Despite transport costs, pottery was being imported in relatively large amounts during the fifteenth century, for the first time since the Roman period, and not only tablewares.28 Stoneware drinking vessels from the Rhineland are the most commonly found, but there are also Dutch ‘red-wares’-the stonewares were also probably transported by Dutch carriers, since they would have been found in bulk earlier if traded by the German Hanse merchants who dominated North Sea trade until the fifteenth century. Even in the east coast towns, however, the proportions of German and Dutch imports are not enormous-probably no more than 10 per cent except at a few waterside landing sites.

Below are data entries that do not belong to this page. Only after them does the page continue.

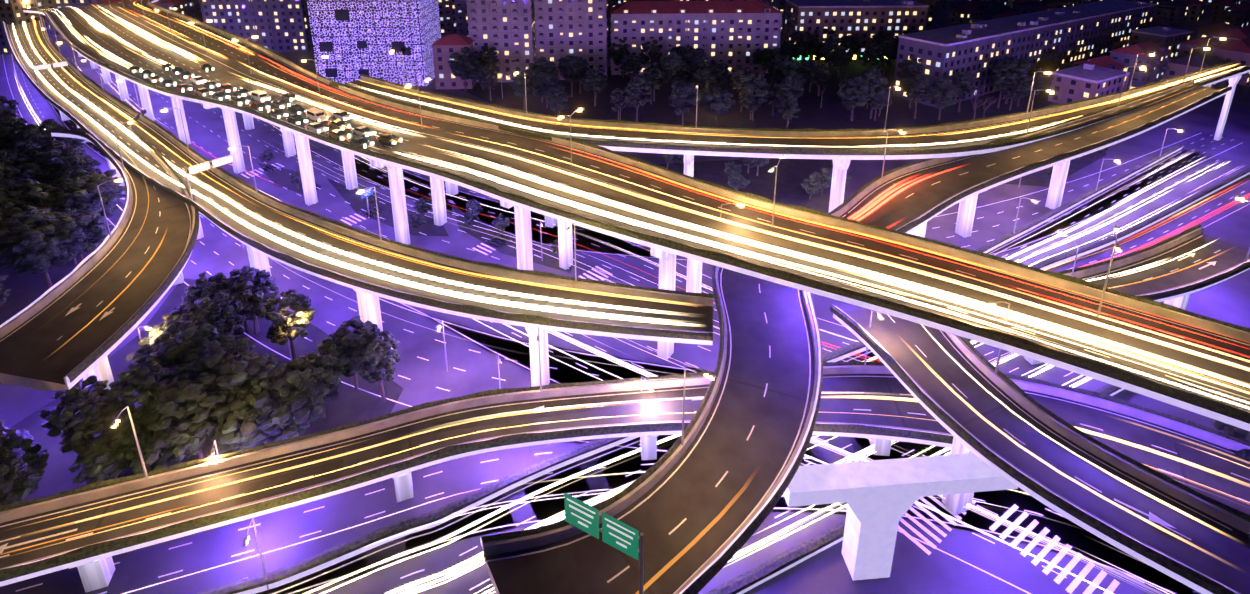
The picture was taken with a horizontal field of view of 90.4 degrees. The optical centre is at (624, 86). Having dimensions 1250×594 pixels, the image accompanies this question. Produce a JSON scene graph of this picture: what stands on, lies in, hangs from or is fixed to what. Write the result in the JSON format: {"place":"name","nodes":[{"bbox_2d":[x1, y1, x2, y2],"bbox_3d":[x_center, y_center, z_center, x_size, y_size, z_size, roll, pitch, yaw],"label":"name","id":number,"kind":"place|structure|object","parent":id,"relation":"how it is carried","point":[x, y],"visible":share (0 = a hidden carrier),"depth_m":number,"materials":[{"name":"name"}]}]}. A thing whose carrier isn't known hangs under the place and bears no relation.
{"place":"outdoors","nodes":[
{"label":"outdoors","id":0,"kind":"place"},
{"bbox_2d":[0,114,194,390],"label":"deck","id":1,"kind":"structure","parent":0,"point":[38,358],"depth_m":80.91,"materials":[{"name":"concrete"}]},
{"bbox_2d":[0,129,129,328],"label":"guardrail","id":2,"kind":"object","parent":1,"relation":"on","point":[123,176],"visible":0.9,"depth_m":97.87,"materials":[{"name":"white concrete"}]},
{"bbox_2d":[0,160,190,341],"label":"road markings","id":3,"kind":"object","parent":1,"relation":"on","point":[113,248],"visible":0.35,"depth_m":93.28,"materials":[{"name":"white paint"}]},
{"bbox_2d":[66,109,199,382],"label":"guardrail","id":4,"kind":"object","parent":1,"relation":"on","point":[75,373],"visible":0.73,"depth_m":80.25,"materials":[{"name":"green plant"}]},
{"bbox_2d":[1,36,708,453],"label":"ground-level road","id":5,"kind":"structure","parent":0,"point":[429,376],"depth_m":92.46,"materials":[{"name":"purple asphalt"}]},
{"bbox_2d":[4,20,713,344],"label":"elevated highway","id":6,"kind":"structure","parent":0,"point":[294,225],"depth_m":87.29,"materials":[{"name":"asphalt"}]},
{"bbox_2d":[32,61,67,85],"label":"sign gantry","id":7,"kind":"object","parent":6,"relation":"on","point":[48,66],"visible":0.96,"depth_m":168.74,"materials":[{"name":"silver metal"}]},
{"bbox_2d":[184,155,232,199],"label":"sign gantry","id":8,"kind":"object","parent":6,"relation":"on","point":[205,166],"visible":0.98,"depth_m":103.65,"materials":[{"name":"silver metal"}]},
{"bbox_2d":[7,20,696,324],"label":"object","id":9,"kind":"object","parent":6,"relation":"on","point":[282,212],"visible":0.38,"depth_m":100.71,"materials":[{"name":"white paint"}]},
{"bbox_2d":[3,21,712,340],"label":"barrier","id":10,"kind":"object","parent":6,"relation":"on","point":[485,312],"visible":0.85,"depth_m":77.94,"materials":[{"name":"grey concrete"}]},
{"bbox_2d":[41,18,713,297],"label":"barrier","id":11,"kind":"object","parent":6,"relation":"on","point":[497,266],"visible":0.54,"depth_m":88.75,"materials":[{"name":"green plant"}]},
{"bbox_2d":[431,34,475,89],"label":"building","id":12,"kind":"structure","parent":0,"point":[444,48],"depth_m":212.47,"materials":[{"name":"concrete"}]},
{"bbox_2d":[3,434,1192,593],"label":"road","id":13,"kind":"structure","parent":0,"point":[456,479],"depth_m":63.13,"materials":[{"name":"purple asphalt"}]},
{"bbox_2d":[16,444,1176,593],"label":"ground markings","id":14,"kind":"object","parent":13,"relation":"on","point":[563,517],"visible":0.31,"depth_m":62.72,"materials":[{"name":"white paint"}]},
{"bbox_2d":[14,54,1193,593],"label":"road","id":15,"kind":"structure","parent":0,"point":[1004,560],"depth_m":94.92,"materials":[{"name":"purple asphalt"}]},
{"bbox_2d":[258,163,321,193],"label":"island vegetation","id":16,"kind":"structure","parent":15,"relation":"on","point":[278,177],"depth_m":144.08,"materials":[{"name":"green plant"}]},
{"bbox_2d":[2,54,694,451],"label":"ground markings","id":17,"kind":"object","parent":15,"relation":"on","point":[412,332],"visible":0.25,"depth_m":88.28,"materials":[{"name":"white paint"}]},
{"bbox_2d":[328,179,448,235],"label":"traffic island","id":18,"kind":"structure","parent":15,"relation":"on","point":[358,205],"depth_m":128.08,"materials":[{"name":"purple concrete"}]},
{"bbox_2d":[452,206,573,272],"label":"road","id":19,"kind":"structure","parent":15,"relation":"on","point":[550,259],"depth_m":116.65,"materials":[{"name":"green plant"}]},
{"bbox_2d":[50,65,1143,593],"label":"ground markings","id":20,"kind":"object","parent":15,"relation":"on","point":[692,365],"visible":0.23,"depth_m":87.49,"materials":[{"name":"white paint"}]},
{"bbox_2d":[0,163,1215,593],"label":"road markings","id":21,"kind":"object","parent":15,"relation":"on","point":[1072,563],"visible":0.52,"depth_m":62.32,"materials":[{"name":"white paint"}]},
{"bbox_2d":[0,365,1249,586],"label":"deck","id":22,"kind":"structure","parent":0,"point":[846,389],"depth_m":64.86,"materials":[{"name":"asphalt"}]},
{"bbox_2d":[0,422,953,581],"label":"guardrail","id":23,"kind":"object","parent":22,"relation":"on","point":[88,551],"visible":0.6,"depth_m":60.74,"materials":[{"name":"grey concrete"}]},
{"bbox_2d":[11,3,1235,593],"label":"deck joints and patches","id":24,"kind":"object","parent":22,"relation":"on","point":[883,211],"visible":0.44,"depth_m":68.40,"materials":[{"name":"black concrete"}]},
{"bbox_2d":[0,362,1249,511],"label":"guardrail","id":25,"kind":"object","parent":22,"relation":"on","point":[97,485],"visible":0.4,"depth_m":67.33,"materials":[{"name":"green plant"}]},
{"bbox_2d":[0,376,1249,557],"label":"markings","id":26,"kind":"object","parent":22,"relation":"on","point":[494,428],"visible":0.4,"depth_m":65.33,"materials":[{"name":"white paint"}]},
{"bbox_2d":[0,0,1249,593],"bbox_3d":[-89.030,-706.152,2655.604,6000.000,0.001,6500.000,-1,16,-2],"label":"ground","id":27,"kind":"structure","parent":0,"point":[916,568],"depth_m":99.28,"materials":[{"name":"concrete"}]},
{"bbox_2d":[0,0,52,54],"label":"block","id":28,"kind":"structure","parent":27,"relation":"on","point":[12,12],"depth_m":262.66,"materials":[{"name":"grey"}]},
{"bbox_2d":[0,156,123,324],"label":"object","id":29,"kind":"object","parent":27,"relation":"on","point":[28,289],"depth_m":103.97,"materials":[{"name":"green plant"}]},
{"bbox_2d":[42,0,98,35],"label":"block","id":30,"kind":"structure","parent":27,"relation":"on","point":[48,4],"depth_m":298.79,"materials":[{"name":"grey"}]},
{"bbox_2d":[89,0,195,18],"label":"block","id":31,"kind":"structure","parent":27,"relation":"on","point":[185,7],"depth_m":298.31,"materials":[{"name":"grey"}]},
{"bbox_2d":[10,278,403,501],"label":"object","id":32,"kind":"object","parent":27,"relation":"on","point":[350,405],"visible":0.2,"depth_m":79.03,"materials":[{"name":"green plant"}]},
{"bbox_2d":[199,0,313,51],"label":"building","id":33,"kind":"structure","parent":27,"relation":"on","point":[278,25],"depth_m":265.79,"materials":[{"name":"grey"}]},
{"bbox_2d":[307,0,440,85],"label":"building","id":34,"kind":"structure","parent":27,"relation":"on","point":[353,40],"depth_m":213.38,"materials":[{"name":"grey"}]},
{"bbox_2d":[454,0,468,35],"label":"block","id":35,"kind":"structure","parent":27,"relation":"on","point":[461,15],"depth_m":287.74,"materials":[{"name":"grey"}]},
{"bbox_2d":[466,0,536,81],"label":"building","id":36,"kind":"structure","parent":27,"relation":"on","point":[505,28],"depth_m":217.82,"materials":[{"name":"purple concrete"}]},
{"bbox_2d":[438,0,610,34],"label":"building","id":37,"kind":"structure","parent":27,"relation":"on","point":[447,14],"depth_m":304.07,"materials":[{"name":"grey"}]},
{"bbox_2d":[195,341,868,593],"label":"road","id":38,"kind":"structure","parent":27,"relation":"on","point":[307,566],"depth_m":62.69,"materials":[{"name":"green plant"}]},
{"bbox_2d":[533,0,607,79],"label":"building","id":39,"kind":"structure","parent":27,"relation":"on","point":[564,28],"depth_m":220.68,"materials":[{"name":"grey"}]},
{"bbox_2d":[137,75,1020,455],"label":"street lamps","id":40,"kind":"object","parent":27,"relation":"on","point":[437,329],"visible":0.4,"depth_m":82.49,"materials":[{"name":"silver metal"}]},
{"bbox_2d":[0,23,1249,537],"bbox_3d":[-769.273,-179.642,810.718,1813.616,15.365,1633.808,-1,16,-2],"label":"trees","id":41,"kind":"object","parent":27,"relation":"on","point":[190,381],"visible":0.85,"depth_m":89.78,"materials":[{"name":"green plant"}]},
{"bbox_2d":[27,0,1249,589],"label":"street lamps","id":42,"kind":"object","parent":27,"relation":"on","point":[245,542],"visible":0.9,"depth_m":88.05,"materials":[{"name":"silver metal"}]},
{"bbox_2d":[48,52,1241,591],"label":"piers","id":43,"kind":"structure","parent":27,"relation":"on","point":[96,574],"depth_m":108.29,"materials":[{"name":"concrete"}]},
{"bbox_2d":[610,0,782,74],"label":"residential building","id":44,"kind":"structure","parent":27,"relation":"on","point":[729,33],"depth_m":229.41,"materials":[{"name":"grey"}]},
{"bbox_2d":[655,158,832,212],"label":"vegetation","id":45,"kind":"object","parent":27,"relation":"on","point":[792,174],"visible":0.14,"depth_m":144.61,"materials":[{"name":"green plant"}]},
{"bbox_2d":[460,61,1052,129],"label":"trees","id":46,"kind":"object","parent":27,"relation":"on","point":[832,113],"depth_m":193.98,"materials":[{"name":"green plant"}]},
{"bbox_2d":[771,0,785,31],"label":"building","id":47,"kind":"structure","parent":27,"relation":"on","point":[779,5],"depth_m":308.92,"materials":[{"name":"grey"}]},
{"bbox_2d":[783,0,928,61],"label":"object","id":48,"kind":"structure","parent":27,"relation":"on","point":[864,20],"depth_m":248.28,"materials":[{"name":"grey"}]},
{"bbox_2d":[784,453,1017,580],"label":"portal pier","id":49,"kind":"structure","parent":27,"relation":"on","point":[880,497],"depth_m":56.26,"materials":[{"name":"concrete"}]},
{"bbox_2d":[705,384,1123,593],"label":"guardrail","id":50,"kind":"object","parent":27,"relation":"on","point":[777,565],"visible":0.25,"depth_m":58.89,"materials":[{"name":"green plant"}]},
{"bbox_2d":[912,0,937,29],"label":"block","id":51,"kind":"structure","parent":27,"relation":"on","point":[931,12],"depth_m":302.14,"materials":[{"name":"grey concrete"}]},
{"bbox_2d":[892,0,1156,107],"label":"long flat building","id":52,"kind":"structure","parent":27,"relation":"on","point":[980,50],"depth_m":215.86,"materials":[{"name":"grey"}]},
{"bbox_2d":[1015,0,1046,13],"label":"building","id":53,"kind":"structure","parent":27,"relation":"on","point":[1027,6],"depth_m":339.15,"materials":[{"name":"grey"}]},
{"bbox_2d":[1004,151,1106,186],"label":"road","id":54,"kind":"structure","parent":27,"relation":"on","point":[1042,178],"depth_m":146.78,"materials":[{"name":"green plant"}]},
{"bbox_2d":[1048,63,1129,103],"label":"building","id":55,"kind":"structure","parent":27,"relation":"on","point":[1082,82],"depth_m":195.91,"materials":[{"name":"grey"}]},
{"bbox_2d":[1072,55,1125,70],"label":"building roof","id":56,"kind":"structure","parent":27,"relation":"on","point":[1106,61],"depth_m":209.66,"materials":[{"name":"grey"}]},
{"bbox_2d":[1108,41,1172,89],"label":"building","id":57,"kind":"structure","parent":27,"relation":"on","point":[1156,66],"depth_m":208.87,"materials":[{"name":"grey"}]},
{"bbox_2d":[1129,26,1192,58],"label":"building","id":58,"kind":"structure","parent":27,"relation":"on","point":[1170,38],"depth_m":243.74,"materials":[{"name":"grey"}]},
{"bbox_2d":[1155,5,1172,19],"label":"building","id":59,"kind":"structure","parent":27,"relation":"on","point":[1163,12],"depth_m":336.75,"materials":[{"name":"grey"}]},
{"bbox_2d":[1157,0,1190,23],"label":"building","id":60,"kind":"structure","parent":27,"relation":"on","point":[1179,12],"depth_m":334.85,"materials":[{"name":"grey"}]},
{"bbox_2d":[1164,52,1224,87],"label":"building","id":61,"kind":"structure","parent":27,"relation":"on","point":[1177,65],"depth_m":214.94,"materials":[{"name":"purple"}]},
{"bbox_2d":[1183,0,1206,21],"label":"building","id":62,"kind":"structure","parent":27,"relation":"on","point":[1196,11],"depth_m":339.96,"materials":[{"name":"grey concrete"}]},
{"bbox_2d":[1178,36,1223,55],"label":"building","id":63,"kind":"structure","parent":27,"relation":"on","point":[1199,45],"depth_m":230.93,"materials":[{"name":"red"}]},
{"bbox_2d":[1196,22,1240,38],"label":"building","id":64,"kind":"structure","parent":27,"relation":"on","point":[1206,31],"depth_m":260.46,"materials":[{"name":"red"}]},
{"bbox_2d":[1209,0,1237,21],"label":"building","id":65,"kind":"structure","parent":27,"relation":"on","point":[1218,11],"depth_m":339.25,"materials":[{"name":"grey"}]},
{"bbox_2d":[1208,38,1249,85],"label":"building","id":66,"kind":"structure","parent":27,"relation":"on","point":[1238,51],"depth_m":221.04,"materials":[{"name":"red"}]},
{"bbox_2d":[1209,26,1249,42],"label":"building","id":67,"kind":"structure","parent":27,"relation":"on","point":[1236,34],"depth_m":231.03,"materials":[{"name":"red"}]},
{"bbox_2d":[1223,10,1249,26],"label":"building","id":68,"kind":"structure","parent":27,"relation":"on","point":[1237,18],"depth_m":321.16,"materials":[{"name":"grey concrete"}]},
{"bbox_2d":[12,2,1249,593],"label":"light trails","id":69,"kind":"object","parent":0,"point":[608,316],"visible":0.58,"depth_m":78.25,"materials":[{"name":"white"}]},
{"bbox_2d":[23,0,1249,430],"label":"highway deck","id":70,"kind":"structure","parent":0,"point":[235,68],"depth_m":84.85,"materials":[{"name":"concrete"}]},
{"bbox_2d":[250,89,269,101],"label":"car","id":71,"kind":"object","parent":70,"relation":"on","point":[260,95],"visible":0.9,"depth_m":134.52,"materials":[{"name":"white metal"}]},
{"bbox_2d":[306,122,326,132],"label":"car","id":72,"kind":"object","parent":70,"relation":"on","point":[316,127],"visible":0.92,"depth_m":116.21,"materials":[{"name":"white metal"}]},
{"bbox_2d":[306,108,327,121],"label":"car","id":73,"kind":"object","parent":70,"relation":"on","point":[316,115],"visible":0.92,"depth_m":122.13,"materials":[{"name":"white metal"}]},
{"bbox_2d":[328,129,349,140],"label":"car","id":74,"kind":"object","parent":70,"relation":"on","point":[339,134],"visible":0.94,"depth_m":112.66,"materials":[{"name":"gold metal"}]},
{"bbox_2d":[328,119,349,129],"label":"car","id":75,"kind":"object","parent":70,"relation":"on","point":[339,124],"visible":0.94,"depth_m":117.77,"materials":[{"name":"gold metal"}]},
{"bbox_2d":[348,136,372,147],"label":"car","id":76,"kind":"object","parent":70,"relation":"on","point":[361,142],"visible":0.81,"depth_m":108.92,"materials":[{"name":"black metal"}]},
{"bbox_2d":[352,126,374,137],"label":"car","id":77,"kind":"object","parent":70,"relation":"on","point":[363,131],"visible":0.96,"depth_m":114.22,"materials":[{"name":"white metal"}]},
{"bbox_2d":[377,133,400,144],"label":"car","id":78,"kind":"object","parent":70,"relation":"on","point":[390,139],"visible":0.94,"depth_m":110.63,"materials":[{"name":"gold metal"}]},
{"bbox_2d":[21,8,1249,423],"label":"parapet","id":79,"kind":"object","parent":70,"relation":"on","point":[1101,368],"visible":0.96,"depth_m":69.03,"materials":[{"name":"grey concrete"}]},
{"bbox_2d":[50,3,1249,384],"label":"highway markings","id":80,"kind":"object","parent":70,"relation":"on","point":[762,219],"visible":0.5,"depth_m":81.17,"materials":[{"name":"white paint"}]},
{"bbox_2d":[149,0,1249,331],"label":"parapet","id":81,"kind":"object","parent":70,"relation":"on","point":[1089,284],"visible":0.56,"depth_m":81.96,"materials":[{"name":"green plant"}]},
{"bbox_2d":[259,339,1107,593],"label":"road","id":82,"kind":"structure","parent":0,"point":[387,579],"depth_m":62.63,"materials":[{"name":"purple asphalt"}]},
{"bbox_2d":[271,351,1072,593],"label":"lane markings","id":83,"kind":"object","parent":82,"relation":"on","point":[529,518],"visible":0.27,"depth_m":63.95,"materials":[{"name":"white paint"}]},
{"bbox_2d":[336,131,1245,260],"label":"road","id":84,"kind":"structure","parent":0,"point":[983,228],"depth_m":130.66,"materials":[{"name":"purple asphalt"}]},
{"bbox_2d":[333,133,1240,259],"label":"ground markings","id":85,"kind":"object","parent":84,"relation":"on","point":[936,216],"visible":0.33,"depth_m":131.95,"materials":[{"name":"white paint"}]},
{"bbox_2d":[974,144,1183,252],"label":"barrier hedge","id":86,"kind":"object","parent":84,"relation":"on","point":[1019,231],"visible":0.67,"depth_m":129.52,"materials":[{"name":"green plant"}]},
{"bbox_2d":[344,61,1249,159],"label":"elevated highway","id":87,"kind":"structure","parent":0,"point":[895,137],"depth_m":116.01,"materials":[{"name":"asphalt"}]},
{"bbox_2d":[329,66,1249,154],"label":"parapet","id":88,"kind":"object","parent":87,"relation":"on","point":[614,143],"visible":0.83,"depth_m":108.23,"materials":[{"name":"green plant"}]},
{"bbox_2d":[349,66,1234,145],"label":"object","id":89,"kind":"object","parent":87,"relation":"on","point":[779,137],"visible":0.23,"depth_m":117.67,"materials":[{"name":"white"}]},
{"bbox_2d":[361,60,1234,130],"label":"barrier","id":90,"kind":"object","parent":87,"relation":"on","point":[807,129],"visible":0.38,"depth_m":120.83,"materials":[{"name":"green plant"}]},
{"bbox_2d":[482,80,1227,593],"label":"deck","id":91,"kind":"structure","parent":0,"point":[702,506],"depth_m":58.38,"materials":[{"name":"asphalt"}]},
{"bbox_2d":[564,493,643,593],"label":"highway sign","id":92,"kind":"object","parent":91,"relation":"attached to","point":[616,533],"visible":1,"depth_m":42.78,"materials":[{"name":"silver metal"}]},
{"bbox_2d":[480,79,1192,547],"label":"guardrail","id":93,"kind":"object","parent":91,"relation":"on","point":[650,471],"visible":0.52,"depth_m":60.26,"materials":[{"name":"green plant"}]},
{"bbox_2d":[486,89,1204,593],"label":"lane markings","id":94,"kind":"object","parent":91,"relation":"on","point":[746,439],"visible":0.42,"depth_m":56.71,"materials":[{"name":"white"}]},
{"bbox_2d":[679,86,1231,593],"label":"guardrail","id":95,"kind":"object","parent":91,"relation":"on","point":[703,578],"visible":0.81,"depth_m":62.63,"materials":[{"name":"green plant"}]},
{"bbox_2d":[948,6,983,24],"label":"building","id":96,"kind":"structure","parent":0,"point":[963,15],"depth_m":314.89,"materials":[{"name":"grey"}]},
{"bbox_2d":[833,306,1249,593],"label":"deck","id":97,"kind":"structure","parent":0,"point":[1048,460],"depth_m":56.09,"materials":[{"name":"concrete"}]},
{"bbox_2d":[830,305,1237,593],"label":"guardrail","id":98,"kind":"object","parent":97,"relation":"on","point":[1187,573],"visible":1,"depth_m":52.72,"materials":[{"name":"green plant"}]},
{"bbox_2d":[887,314,1231,539],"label":"lane markings","id":99,"kind":"object","parent":97,"relation":"on","point":[1071,444],"visible":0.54,"depth_m":57.62,"materials":[{"name":"white paint"}]},
{"bbox_2d":[959,336,1249,521],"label":"guardrail","id":100,"kind":"object","parent":97,"relation":"on","point":[1238,513],"visible":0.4,"depth_m":56.70,"materials":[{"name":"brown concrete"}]},
{"bbox_2d":[1045,0,1073,9],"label":"building","id":101,"kind":"structure","parent":0,"point":[1052,4],"depth_m":361.24,"materials":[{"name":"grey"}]},
{"bbox_2d":[967,150,1249,341],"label":"road","id":102,"kind":"structure","parent":0,"point":[1183,190],"depth_m":128.52,"materials":[{"name":"purple asphalt"}]},
{"bbox_2d":[970,151,1248,341],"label":"lane markings","id":103,"kind":"object","parent":102,"relation":"on","point":[1115,214],"visible":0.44,"depth_m":126.84,"materials":[{"name":"white"}]},
{"bbox_2d":[1030,166,1249,269],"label":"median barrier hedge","id":104,"kind":"object","parent":102,"relation":"on","point":[1104,242],"visible":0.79,"depth_m":120.09,"materials":[{"name":"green plant"}]},
{"bbox_2d":[1063,227,1249,301],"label":"deck","id":105,"kind":"structure","parent":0,"point":[1227,256],"depth_m":90.62,"materials":[{"name":"concrete"}]},
{"bbox_2d":[1055,224,1200,273],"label":"guardrail","id":106,"kind":"object","parent":105,"relation":"on","point":[1139,251],"visible":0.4,"depth_m":92.47,"materials":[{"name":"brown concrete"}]},
{"bbox_2d":[1082,235,1219,287],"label":"lane markings","id":107,"kind":"object","parent":105,"relation":"on","point":[1150,259],"visible":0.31,"depth_m":92.27,"materials":[{"name":"white"}]},
{"bbox_2d":[1138,261,1249,299],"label":"guardrail","id":108,"kind":"object","parent":105,"relation":"on","point":[1206,282],"visible":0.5,"depth_m":85.03,"materials":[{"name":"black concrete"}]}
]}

This is, however, considerably more than the 1 or 2 per cent of earlier centuries, and there is more imported pottery inland also, suggesting that there was a definite trade in it, not that just a few vessels were scattered accidentally by travellers. There is, however, no obvious pattern, such as a proportion of imports diminishing as a factor of distance. Lynn, for instance, has produced almost no pottery from overseas even though it is a port, perhaps because the local Grimston potters managed to stave off the competition, by lower prices or possibly by restraint, if they were sufficiently structured into the town to uphold a monopoly.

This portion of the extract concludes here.